# graphic scrollbar



## fallonides (Nov 10, 2005)

I've been playing around with my site, trying to figure out how to do things for use on a later site.

I've been able to implement a graphic scrollbar, and it semed to be working for a while, but perhaps I've been playing around with some code a bit too much, but I cannot seem to figure out why it will not scroll down the entire page, just stopping part of the way down.

Could someone help?
http://christmaslist.port5.com


----------



## v-six (Sep 12, 2004)

Fallonides:
You've got alot of layout problems with the site, which I won't digress on unless you ask for help with them. Your scrolling issues are due to problems with the Animagic code... it doesn't seem to want to work well with hidden overflow. You can actually reach the bottom of the page by highlighting the text while you move down in the page. So it's definately a problem with Animagic and not the browser. I'd recommend just ditching them and setting your overflow to auto, unless you're really keen on them. It would be possible to make it work, but not with the way you have your div's set up.
-Six


----------



## fallonides (Nov 10, 2005)

I would welcome any help that would be given :smile: 

I'm playing with this site for fun, trying to work with some stuff I haven't yet, and using it as information for my family. I've always had trouble with aligning divs to look correct with both firefox and IE. 

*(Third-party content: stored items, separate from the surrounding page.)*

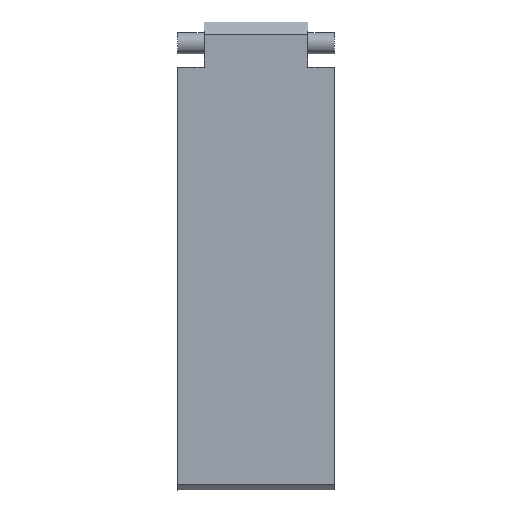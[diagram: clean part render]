
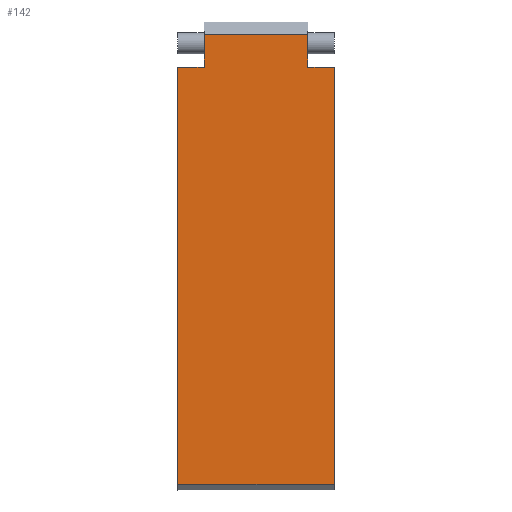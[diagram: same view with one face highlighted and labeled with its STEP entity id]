
A CAD part, top view. The second image highlights one B-rep face of the part: STEP entity #142.
In plain terms, the highlighted planar face has unit normal (0, 0, 1).
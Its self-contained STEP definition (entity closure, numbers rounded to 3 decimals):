
#83=AXIS2_PLACEMENT_3D('Plane Axis2P3D',#80,#81,#82) ;
#37=CARTESIAN_POINT('Line Origine',(5.4,15.9,1.6)) ;
#41=CARTESIAN_POINT('Vertex',(5.9,15.9,1.6)) ;
#43=CARTESIAN_POINT('Vertex',(4.9,15.9,1.6)) ;
#80=CARTESIAN_POINT('Axis2P3D Location',(-0.05,15.587,1.6)) ;
#85=CARTESIAN_POINT('Line Origine',(5.9,8.059,1.6)) ;
#89=CARTESIAN_POINT('Vertex',(5.9,0.218,1.6)) ;
#92=CARTESIAN_POINT('Line Origine',(4.9,16.516,1.6)) ;
#96=CARTESIAN_POINT('Vertex',(4.9,17.131,1.6)) ;
#99=CARTESIAN_POINT('Line Origine',(2.95,17.131,1.6)) ;
#103=CARTESIAN_POINT('Vertex',(1.,17.131,1.6)) ;
#106=CARTESIAN_POINT('Line Origine',(1.,16.516,1.6)) ;
#110=CARTESIAN_POINT('Vertex',(1.,15.9,1.6)) ;
#113=CARTESIAN_POINT('Line Origine',(0.5,15.9,1.6)) ;
#117=CARTESIAN_POINT('Vertex',(0.,15.9,1.6)) ;
#120=CARTESIAN_POINT('Line Origine',(0.,8.059,1.6)) ;
#124=CARTESIAN_POINT('Vertex',(0.,0.218,1.6)) ;
#127=CARTESIAN_POINT('Line Origine',(2.95,0.218,1.6)) ;
#38=DIRECTION('Vector Direction',(1.,0.,0.)) ;
#81=DIRECTION('Axis2P3D Direction',(0.,0.,1.)) ;
#82=DIRECTION('Axis2P3D XDirection',(0.,-1.,0.)) ;
#86=DIRECTION('Vector Direction',(0.,-1.,0.)) ;
#93=DIRECTION('Vector Direction',(0.,1.,0.)) ;
#100=DIRECTION('Vector Direction',(1.,0.,0.)) ;
#107=DIRECTION('Vector Direction',(0.,1.,0.)) ;
#114=DIRECTION('Vector Direction',(1.,0.,0.)) ;
#121=DIRECTION('Vector Direction',(0.,1.,0.)) ;
#128=DIRECTION('Vector Direction',(-1.,0.,0.)) ;
#39=VECTOR('Line Direction',#38,1.) ;
#87=VECTOR('Line Direction',#86,1.) ;
#94=VECTOR('Line Direction',#93,1.) ;
#101=VECTOR('Line Direction',#100,1.) ;
#108=VECTOR('Line Direction',#107,1.) ;
#115=VECTOR('Line Direction',#114,1.) ;
#122=VECTOR('Line Direction',#121,1.) ;
#129=VECTOR('Line Direction',#128,1.) ;
#133=ORIENTED_EDGE('',*,*,#91,.F.) ;
#134=ORIENTED_EDGE('',*,*,#45,.T.) ;
#135=ORIENTED_EDGE('',*,*,#98,.T.) ;
#136=ORIENTED_EDGE('',*,*,#105,.F.) ;
#137=ORIENTED_EDGE('',*,*,#112,.F.) ;
#138=ORIENTED_EDGE('',*,*,#119,.T.) ;
#139=ORIENTED_EDGE('',*,*,#126,.T.) ;
#140=ORIENTED_EDGE('',*,*,#131,.T.) ;
#142=ADVANCED_FACE('COVER',(#141),#84,.T.) ;
#45=EDGE_CURVE('',#42,#44,#40,.F.) ;
#91=EDGE_CURVE('',#42,#90,#88,.T.) ;
#98=EDGE_CURVE('',#44,#97,#95,.T.) ;
#105=EDGE_CURVE('',#104,#97,#102,.T.) ;
#112=EDGE_CURVE('',#111,#104,#109,.T.) ;
#119=EDGE_CURVE('',#111,#118,#116,.F.) ;
#126=EDGE_CURVE('',#118,#125,#123,.F.) ;
#131=EDGE_CURVE('',#125,#90,#130,.F.) ;
#132=EDGE_LOOP('',(#133,#134,#135,#136,#137,#138,#139,#140)) ;
#141=FACE_OUTER_BOUND('',#132,.T.) ;
#40=LINE('Line',#37,#39) ;
#88=LINE('Line',#85,#87) ;
#95=LINE('Line',#92,#94) ;
#102=LINE('Line',#99,#101) ;
#109=LINE('Line',#106,#108) ;
#116=LINE('Line',#113,#115) ;
#123=LINE('Line',#120,#122) ;
#130=LINE('Line',#127,#129) ;
#84=PLANE('',#83) ;
#42=VERTEX_POINT('',#41) ;
#44=VERTEX_POINT('',#43) ;
#90=VERTEX_POINT('',#89) ;
#97=VERTEX_POINT('',#96) ;
#104=VERTEX_POINT('',#103) ;
#111=VERTEX_POINT('',#110) ;
#118=VERTEX_POINT('',#117) ;
#125=VERTEX_POINT('',#124) ;
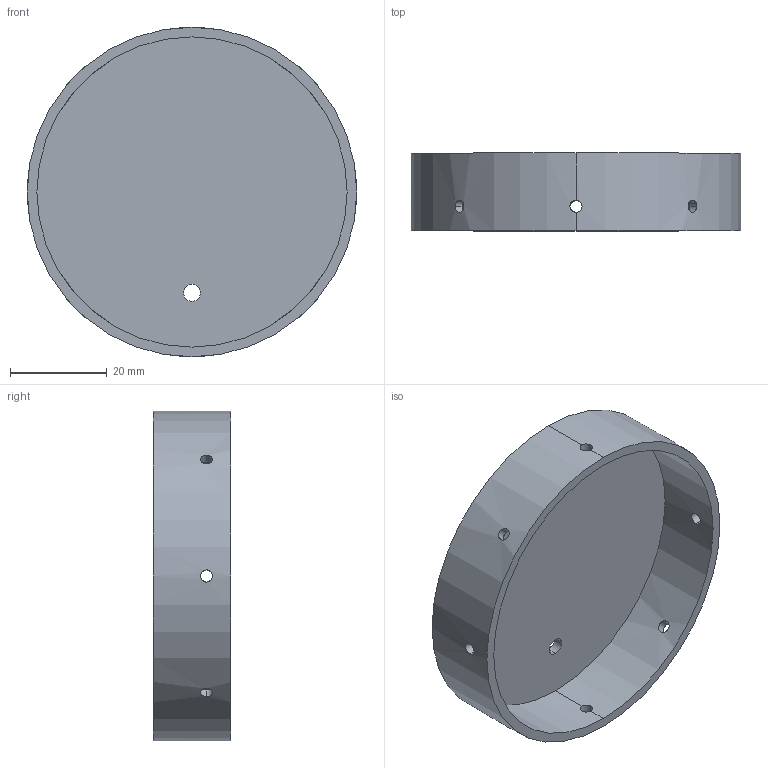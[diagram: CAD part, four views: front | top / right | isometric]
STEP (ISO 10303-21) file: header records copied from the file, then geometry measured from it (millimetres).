
FILE_DESCRIPTION (( 'STEP AP203' ), '1' );
FILE_NAME ('Link6_默认_sldprt.STEP', '2020-03-25T02:50:35', ( '' ), ( '' ), 'SwSTEP 2.0', 'SolidWorks 2019', '' );
FILE_SCHEMA (( 'CONFIG_CONTROL_DESIGN' ));
Length unit declared in the file: millimetre
Products named in the file (1): Link6_默认_sldprt
Bounding box: 68 x 16 x 68 mm (x, y, z)
Volume: 12971.3 mm3; surface area: 13546.2 mm2
Topology: 1 solids, 1 shells, 25 faces, 78 edges, 52 vertices
Faces by surface type: cylinder 22, plane 3
Entity records: 1513 total; most frequent: CARTESIAN_POINT 772, ORIENTED_EDGE 156, DIRECTION 102, EDGE_CURVE 78, VERTEX_POINT 52, EDGE_LOOP 40, B_SPLINE_CURVE_WITH_KNOTS 40, AXIS2_PLACEMENT_3D 38
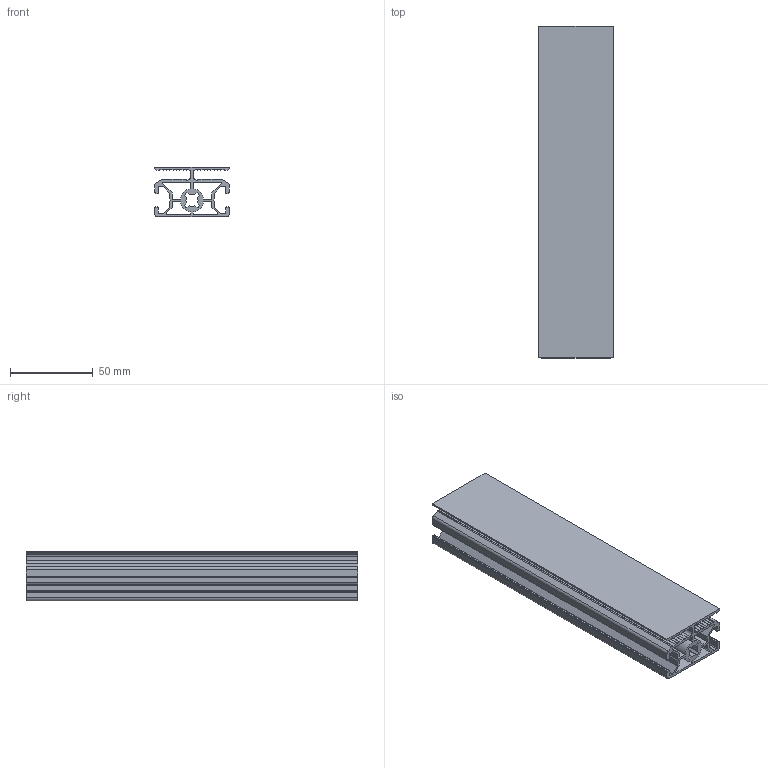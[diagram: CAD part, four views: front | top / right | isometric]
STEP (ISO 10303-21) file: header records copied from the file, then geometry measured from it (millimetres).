
FILE_DESCRIPTION (( 'STEP AP203' ), '1' );
FILE_NAME ('481992971_c_1.STEP', '2022-11-07T18:38:59', ( '' ), ( '' ), 'SwSTEP 2.0', 'SolidWorks 2014', '' );
FILE_SCHEMA (( 'CONFIG_CONTROL_DESIGN' ));
Length unit declared in the file: millimetre
Products named in the file (1): 481992971_c_1
Bounding box: 45 x 200 x 30 mm (x, y, z)
Volume: 90222.8 mm3; surface area: 102416 mm2
Topology: 1 solids, 1 shells, 205 faces, 609 edges, 406 vertices
Faces by surface type: plane 148, cylinder 57
Entity records: 6934 total; most frequent: CARTESIAN_POINT 1221, ORIENTED_EDGE 1218, DIRECTION 1135, EDGE_CURVE 609, LINE 495, VECTOR 495, VERTEX_POINT 406, AXIS2_PLACEMENT_3D 320
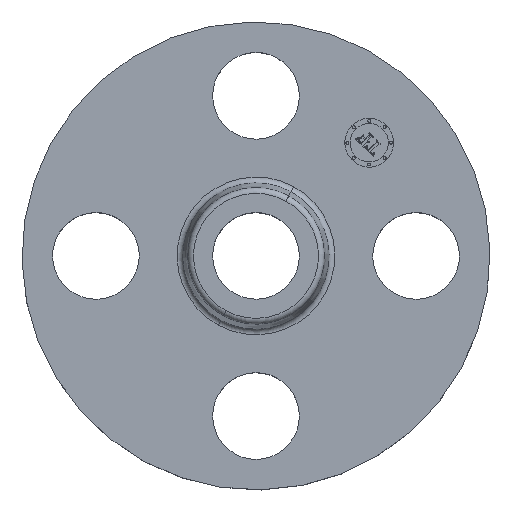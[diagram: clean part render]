
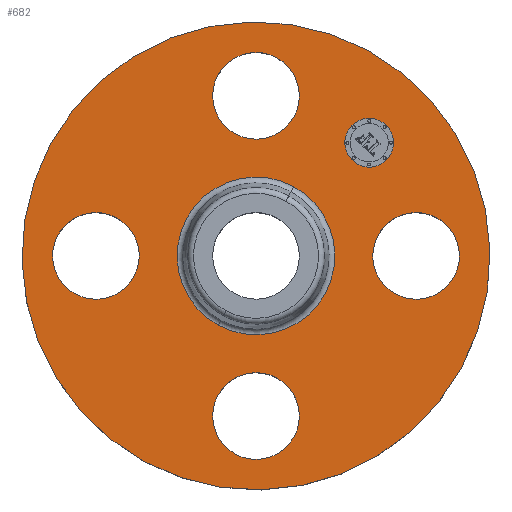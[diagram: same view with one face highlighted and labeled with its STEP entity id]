
A CAD part, top view. The second image highlights one B-rep face of the part: STEP entity #682.
In plain terms, the highlighted planar face has unit normal (0, 0, 1).
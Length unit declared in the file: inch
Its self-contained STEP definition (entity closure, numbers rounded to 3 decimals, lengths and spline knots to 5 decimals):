
#65=AXIS2_PLACEMENT_3D('Circle Axis2P3D',#63,#64,$) ;
#82=AXIS2_PLACEMENT_3D('Circle Axis2P3D',#80,#81,$) ;
#115=AXIS2_PLACEMENT_3D('Circle Axis2P3D',#113,#114,$) ;
#139=AXIS2_PLACEMENT_3D('Circle Axis2P3D',#137,#138,$) ;
#156=AXIS2_PLACEMENT_3D('Circle Axis2P3D',#154,#155,$) ;
#191=AXIS2_PLACEMENT_3D('Circle Axis2P3D',#189,#190,$) ;
#527=AXIS2_PLACEMENT_3D('Circle Axis2P3D',#525,#526,$) ;
#539=AXIS2_PLACEMENT_3D('Circle Axis2P3D',#537,#538,$) ;
#570=AXIS2_PLACEMENT_3D('Circle Axis2P3D',#568,#569,$) ;
#582=AXIS2_PLACEMENT_3D('Circle Axis2P3D',#580,#581,$) ;
#613=AXIS2_PLACEMENT_3D('Circle Axis2P3D',#611,#612,$) ;
#625=AXIS2_PLACEMENT_3D('Circle Axis2P3D',#623,#624,$) ;
#638=AXIS2_PLACEMENT_3D('Plane Axis2P3D',#635,#636,#637) ;
#666=AXIS2_PLACEMENT_3D('Circle Axis2P3D',#664,#665,$) ;
#675=AXIS2_PLACEMENT_3D('Circle Axis2P3D',#673,#674,$) ;
#46=CARTESIAN_POINT('Vertex',(1.23886,0.21095,0.88)) ;
#60=CARTESIAN_POINT('Vertex',(2.01114,-0.21095,0.88)) ;
#63=CARTESIAN_POINT('Axis2P3D Location',(1.625,0.,0.88)) ;
#80=CARTESIAN_POINT('Axis2P3D Location',(1.625,0.,0.88)) ;
#110=CARTESIAN_POINT('Vertex',(-1.13864,-2.08426,0.88)) ;
#113=CARTESIAN_POINT('Axis2P3D Location',(0.,0.,0.88)) ;
#117=CARTESIAN_POINT('Vertex',(1.13864,2.08426,0.88)) ;
#137=CARTESIAN_POINT('Axis2P3D Location',(0.,0.,0.88)) ;
#154=CARTESIAN_POINT('Axis2P3D Location',(0.,0.,0.88)) ;
#158=CARTESIAN_POINT('Vertex',(0.38371,0.70237,0.88)) ;
#160=CARTESIAN_POINT('Vertex',(-0.38371,-0.70237,0.88)) ;
#189=CARTESIAN_POINT('Axis2P3D Location',(0.,0.,0.88)) ;
#515=CARTESIAN_POINT('Vertex',(-0.21095,1.23886,0.88)) ;
#522=CARTESIAN_POINT('Vertex',(0.21095,2.01114,0.88)) ;
#525=CARTESIAN_POINT('Axis2P3D Location',(0.,1.625,0.88)) ;
#537=CARTESIAN_POINT('Axis2P3D Location',(0.,1.625,0.88)) ;
#558=CARTESIAN_POINT('Vertex',(-1.23886,-0.21095,0.88)) ;
#565=CARTESIAN_POINT('Vertex',(-2.01114,0.21095,0.88)) ;
#568=CARTESIAN_POINT('Axis2P3D Location',(-1.625,0.,0.88)) ;
#580=CARTESIAN_POINT('Axis2P3D Location',(-1.625,0.,0.88)) ;
#601=CARTESIAN_POINT('Vertex',(0.21095,-1.23886,0.88)) ;
#608=CARTESIAN_POINT('Vertex',(-0.21095,-2.01114,0.88)) ;
#611=CARTESIAN_POINT('Axis2P3D Location',(0.,-1.625,0.88)) ;
#623=CARTESIAN_POINT('Axis2P3D Location',(0.,-1.625,0.88)) ;
#635=CARTESIAN_POINT('Axis2P3D Location',(0.,2.375,0.88)) ;
#664=CARTESIAN_POINT('Axis2P3D Location',(1.14905,1.14905,0.88)) ;
#668=CARTESIAN_POINT('Vertex',(0.97404,1.32406,0.88)) ;
#670=CARTESIAN_POINT('Vertex',(1.32406,0.97404,0.88)) ;
#673=CARTESIAN_POINT('Axis2P3D Location',(1.14905,1.14905,0.88)) ;
#64=DIRECTION('Axis2P3D Direction',(0.,-0.,-0.039)) ;
#81=DIRECTION('Axis2P3D Direction',(0.,-0.,-0.039)) ;
#114=DIRECTION('Axis2P3D Direction',(0.,0.,-0.039)) ;
#138=DIRECTION('Axis2P3D Direction',(0.,0.,-0.039)) ;
#155=DIRECTION('Axis2P3D Direction',(0.,0.,-0.039)) ;
#190=DIRECTION('Axis2P3D Direction',(0.,0.,-0.039)) ;
#526=DIRECTION('Axis2P3D Direction',(0.,0.,-0.039)) ;
#538=DIRECTION('Axis2P3D Direction',(0.,0.,-0.039)) ;
#569=DIRECTION('Axis2P3D Direction',(-0.,0.,-0.039)) ;
#581=DIRECTION('Axis2P3D Direction',(-0.,0.,-0.039)) ;
#612=DIRECTION('Axis2P3D Direction',(0.,-0.,-0.039)) ;
#624=DIRECTION('Axis2P3D Direction',(0.,-0.,-0.039)) ;
#636=DIRECTION('Axis2P3D Direction',(0.,0.,-0.039)) ;
#637=DIRECTION('Axis2P3D XDirection',(0.039,0.,0.)) ;
#665=DIRECTION('Axis2P3D Direction',(0.,0.,-0.039)) ;
#674=DIRECTION('Axis2P3D Direction',(0.,0.,-0.039)) ;
#641=ORIENTED_EDGE('',*,*,#141,.F.) ;
#642=ORIENTED_EDGE('',*,*,#119,.F.) ;
#645=ORIENTED_EDGE('',*,*,#67,.T.) ;
#646=ORIENTED_EDGE('',*,*,#84,.T.) ;
#649=ORIENTED_EDGE('',*,*,#193,.T.) ;
#650=ORIENTED_EDGE('',*,*,#162,.T.) ;
#653=ORIENTED_EDGE('',*,*,#627,.T.) ;
#654=ORIENTED_EDGE('',*,*,#615,.T.) ;
#657=ORIENTED_EDGE('',*,*,#584,.T.) ;
#658=ORIENTED_EDGE('',*,*,#572,.T.) ;
#661=ORIENTED_EDGE('',*,*,#541,.T.) ;
#662=ORIENTED_EDGE('',*,*,#529,.T.) ;
#679=ORIENTED_EDGE('',*,*,#672,.T.) ;
#680=ORIENTED_EDGE('',*,*,#677,.T.) ;
#647=FACE_BOUND('',#644,.T.) ;
#651=FACE_BOUND('',#648,.T.) ;
#655=FACE_BOUND('',#652,.T.) ;
#659=FACE_BOUND('',#656,.T.) ;
#663=FACE_BOUND('',#660,.T.) ;
#681=FACE_BOUND('',#678,.T.) ;
#682=ADVANCED_FACE('PartBody',(#643,#647,#651,#655,#659,#663,#681),#639,.F.) ;
#66=CIRCLE('generated circle',#65,0.44) ;
#83=CIRCLE('generated circle',#82,0.44) ;
#116=CIRCLE('generated circle',#115,2.375) ;
#140=CIRCLE('generated circle',#139,2.375) ;
#157=CIRCLE('generated circle',#156,0.80035) ;
#192=CIRCLE('generated circle',#191,0.80035) ;
#528=CIRCLE('generated circle',#527,0.44) ;
#540=CIRCLE('generated circle',#539,0.44) ;
#571=CIRCLE('generated circle',#570,0.44) ;
#583=CIRCLE('generated circle',#582,0.44) ;
#614=CIRCLE('generated circle',#613,0.44) ;
#626=CIRCLE('generated circle',#625,0.44) ;
#667=CIRCLE('generated circle',#666,0.2475) ;
#676=CIRCLE('generated circle',#675,0.2475) ;
#67=EDGE_CURVE('',#47,#61,#66,.T.) ;
#84=EDGE_CURVE('',#61,#47,#83,.T.) ;
#119=EDGE_CURVE('',#111,#118,#116,.T.) ;
#141=EDGE_CURVE('',#118,#111,#140,.T.) ;
#162=EDGE_CURVE('',#159,#161,#157,.T.) ;
#193=EDGE_CURVE('',#161,#159,#192,.T.) ;
#529=EDGE_CURVE('',#516,#523,#528,.T.) ;
#541=EDGE_CURVE('',#523,#516,#540,.T.) ;
#572=EDGE_CURVE('',#559,#566,#571,.T.) ;
#584=EDGE_CURVE('',#566,#559,#583,.T.) ;
#615=EDGE_CURVE('',#602,#609,#614,.T.) ;
#627=EDGE_CURVE('',#609,#602,#626,.T.) ;
#672=EDGE_CURVE('',#669,#671,#667,.T.) ;
#677=EDGE_CURVE('',#671,#669,#676,.T.) ;
#640=EDGE_LOOP('',(#641,#642)) ;
#644=EDGE_LOOP('',(#645,#646)) ;
#648=EDGE_LOOP('',(#649,#650)) ;
#652=EDGE_LOOP('',(#653,#654)) ;
#656=EDGE_LOOP('',(#657,#658)) ;
#660=EDGE_LOOP('',(#661,#662)) ;
#678=EDGE_LOOP('',(#679,#680)) ;
#643=FACE_OUTER_BOUND('',#640,.T.) ;
#639=PLANE('',#638) ;
#47=VERTEX_POINT('',#46) ;
#61=VERTEX_POINT('',#60) ;
#111=VERTEX_POINT('',#110) ;
#118=VERTEX_POINT('',#117) ;
#159=VERTEX_POINT('',#158) ;
#161=VERTEX_POINT('',#160) ;
#516=VERTEX_POINT('',#515) ;
#523=VERTEX_POINT('',#522) ;
#559=VERTEX_POINT('',#558) ;
#566=VERTEX_POINT('',#565) ;
#602=VERTEX_POINT('',#601) ;
#609=VERTEX_POINT('',#608) ;
#669=VERTEX_POINT('',#668) ;
#671=VERTEX_POINT('',#670) ;

When making this at first, the main thing I wanted to play with was the graphic scrollbar. I figured that no one really interested in the site, my family, would be using anything but IE, and i was just trying to throw the thing together quickly.

I really thought that something I did might have been the problem, as it *was* working, quite well, for about an hour or so. The problems seemed to start when I started playing around with creating and linking a CSS page with font/color info, etc., so at the time I just decided to scrap it, and go back to the way I was handling it in the first place. But it still had said problems. At the moment I'm just the slightest bit frustrated :smile:


----------



## v-six (Sep 12, 2004)

are you coding manually, or using a program to generate your code?


----------



## fallonides (Nov 10, 2005)

Truthfully, in regards to the scrollbar, I found one on someone else's page as an example, and played and played with the code 'til I got it to work right with the way I wanted to use it... At least I *thought* I got it to work right 

I'd posted this question on another site, in case I didn't get a reply soon, and they were able to help me with modifying a bit of the code to get it to work right. At least it seems to work right for me. Are you seeing any change?


----------



## v-six (Sep 12, 2004)

Lots 'o change. Looks better.


----------



## Grove (Jun 21, 2005)

Looks better now. Only thing I would suggest is centering your site.

Apart from that, good site.


----------